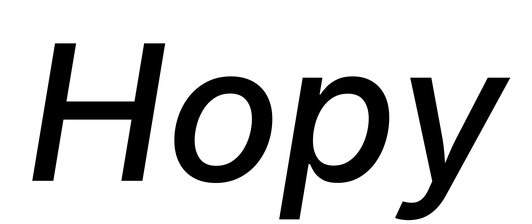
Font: Inter-Italic_Medium_Italic
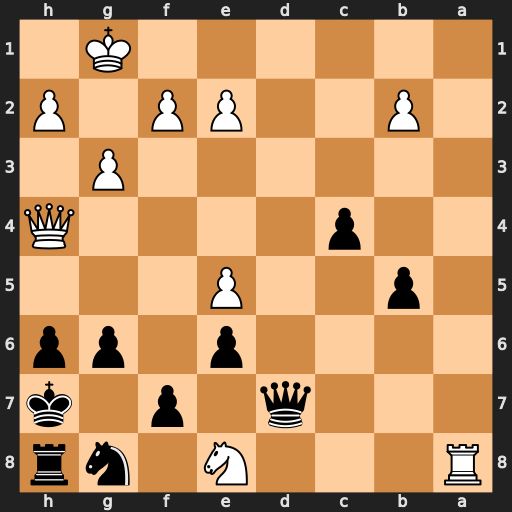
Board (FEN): R3N1nr/3q1p1k/4p1pp/1p2P3/2p4Q/6P1/1P2PP1P/6K1
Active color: b
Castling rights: -
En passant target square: -
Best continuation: Qd1+ Kg2 Qd5+ f3 Qxa8
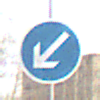
Verkehrszeichen: VorgeschriebeneVorbeifahrtLinks
Umgebung: Outdoor, Nature
Tageszeit: MorningAfternoon
Wetter: PartlyCloudy
Licht: Natural
Jahreszeit: Winter
Kontrast: MediumContrast

※

About this exercise
No pictures belong in the copy. Repeat the entries exactly.

Exercise output
Font: Inter-Italic_Medium_Italic
Board (FEN): R3N1nr/3q1p1k/4p1pp/1p2P3/2p4Q/6P1/1P2PP1P/6K1
Active color: b
Castling rights: -
En passant target square: -
Best continuation: Qd1+ Kg2 Qd5+ f3 Qxa8
Verkehrszeichen: VorgeschriebeneVorbeifahrtLinks
Umgebung: Outdoor, Nature
Tageszeit: MorningAfternoon
Wetter: PartlyCloudy
Licht: Natural
Jahreszeit: Winter
Kontrast: MediumContrast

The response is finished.